DP: So this was probably your biggest show to date?

 

NN: Yes. So there was a big opening, which I didn’t go to because I thought a lot of ayatollahs would be there. Two days after the opening, the Islamic Republican newspaper came out against the show. The gist of the article was that I’m anti-Islam, anti-Khomeini, anti-revolution. How I came from the United States, a bad place, and the revolution had embraced me, and I had betrayed the revolution. And that was really bad. This was the first article post-revolution against any artist in Iran!

A friend of mine called me and asked: “Have you seen the paper?”

I said, “No I haven’t.”

He said: “Go get it. Read it. Do not talk to anybody, don’t do an interview with anybody, and get out of the country as soon as you can.”
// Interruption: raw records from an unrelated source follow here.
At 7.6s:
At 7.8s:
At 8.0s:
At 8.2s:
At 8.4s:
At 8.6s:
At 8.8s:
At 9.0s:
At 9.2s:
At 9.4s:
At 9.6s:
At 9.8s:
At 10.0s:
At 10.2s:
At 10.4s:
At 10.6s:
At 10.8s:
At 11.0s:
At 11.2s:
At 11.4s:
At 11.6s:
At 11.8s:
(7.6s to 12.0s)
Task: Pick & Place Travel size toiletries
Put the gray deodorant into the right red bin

So I got the paper. I couldn’t believe it. So that was it. The director of the museum called me and I went there and I saw that most of the paintings where there was a depiction of Khomeini and other mullahs had been taken down and turned to face the wall. The director told me that fifty or sixty people had come to the museum and censored the paintings.

I offered to send a letter to the editor of the Islamic Republican but he begged me not to. He said: “Don’t do it! We don’t want any more fights because their plan is to capture the museum by saying it is anti-revolution.”
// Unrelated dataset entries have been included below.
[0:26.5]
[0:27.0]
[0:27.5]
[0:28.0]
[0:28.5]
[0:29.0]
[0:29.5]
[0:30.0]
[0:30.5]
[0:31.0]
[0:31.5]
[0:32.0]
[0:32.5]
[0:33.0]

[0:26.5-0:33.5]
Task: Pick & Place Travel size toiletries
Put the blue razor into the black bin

So the week after, I left Iran, and left all the paintings in the museum. I left at 9:00 am on September 22, 1980, to fly to Germany and that afternoon Iraq bombed the airport.

 

DP: You barely escaped!

 

‘Even Iranian artists working outside of the country are often hesitant because. This government, they have such a power that they control you here. Because if you do something, you cannot see your mother, your sister, your brother. That’s the punishment.’

NN: Amazing. So that was how I came back to the United States.

 

DP: Tensions between Iran and the United States are once again at a fever pitch. Do you feel like this is making its way into your work? And how do you see other Iranian artists responding?

 

NN: It will take some time for what’s happening now to make it into my painting. It is not going to happen right away. Maybe there is a hint, like there will be something in the next painting. In terms of artists in Iran—they are trying, at least the new generation, to be more aware and more political but they also know the condition in Iran, they know they would never be able to show any painting if there is something even remotely criticizing the situation.
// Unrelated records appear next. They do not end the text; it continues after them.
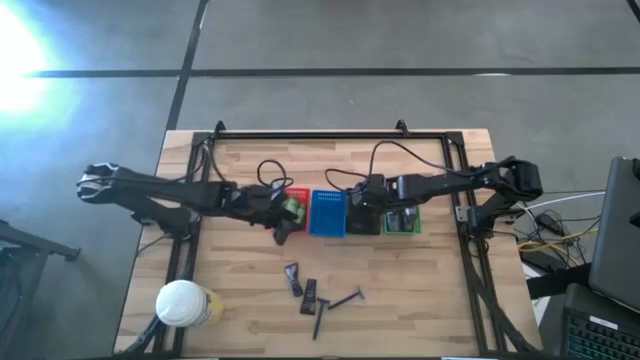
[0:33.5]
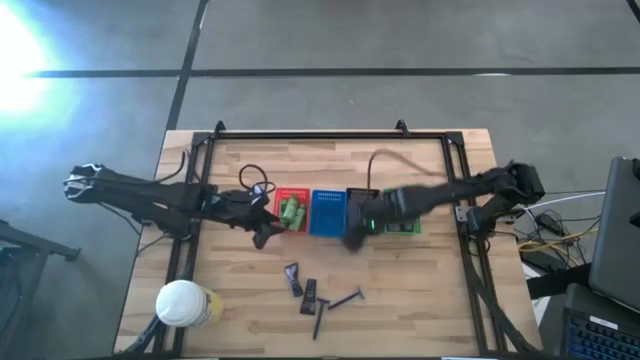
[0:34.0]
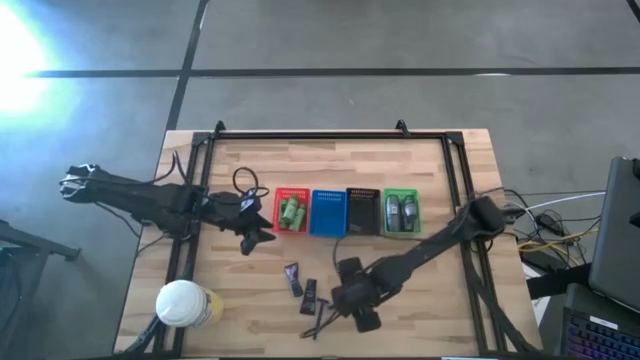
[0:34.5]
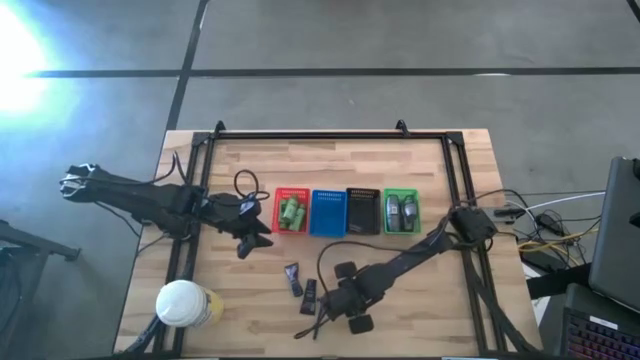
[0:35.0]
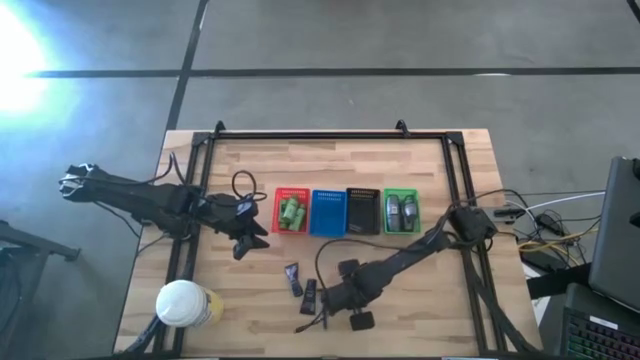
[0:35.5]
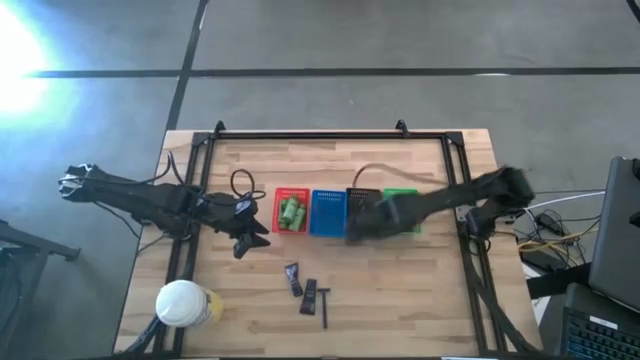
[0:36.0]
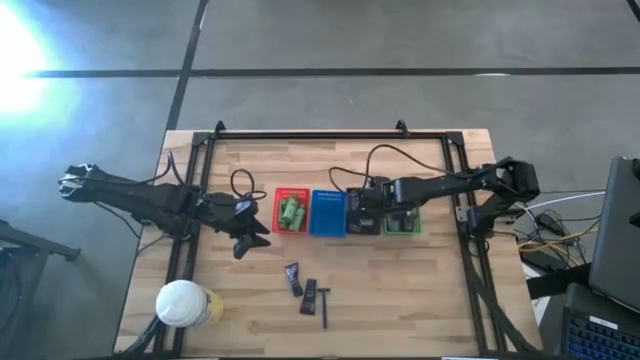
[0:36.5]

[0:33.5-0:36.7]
Put the blue razor into the black bin

Even Iranian artists working outside of the country are often hesitant because they still want to be able to go to Iran. This government, they have such a power that they control you here. You’re sitting here, you’re not allowed to do anything. Because if you do something, you cannot see your mother, your sister, your brother. That’s the punishment.

 

DP: How long has it been since you’ve seen your family?

 

NN: You know, my mother died in 2009. And I was ready to go. And she begged me not to go to see her. She said: “Don’t come. I don’t want you to come.” My sister died last year, I couldn’t see her. I could have a better life in Iran. I know my friends, they have a house. I don’t have anything. This is not mine; I pay for the rent. This is the situation. It’s been all these years and I’m lucky that I’m here, I can work, I can sell some paintings, and can live. There are people in Iran that don’t have that right, they cannot do it. So what do you do? Because I’m really telling all the people, especially Middle Eastern artists, that they should commit themselves to the social world. If you do painting, you have to say something.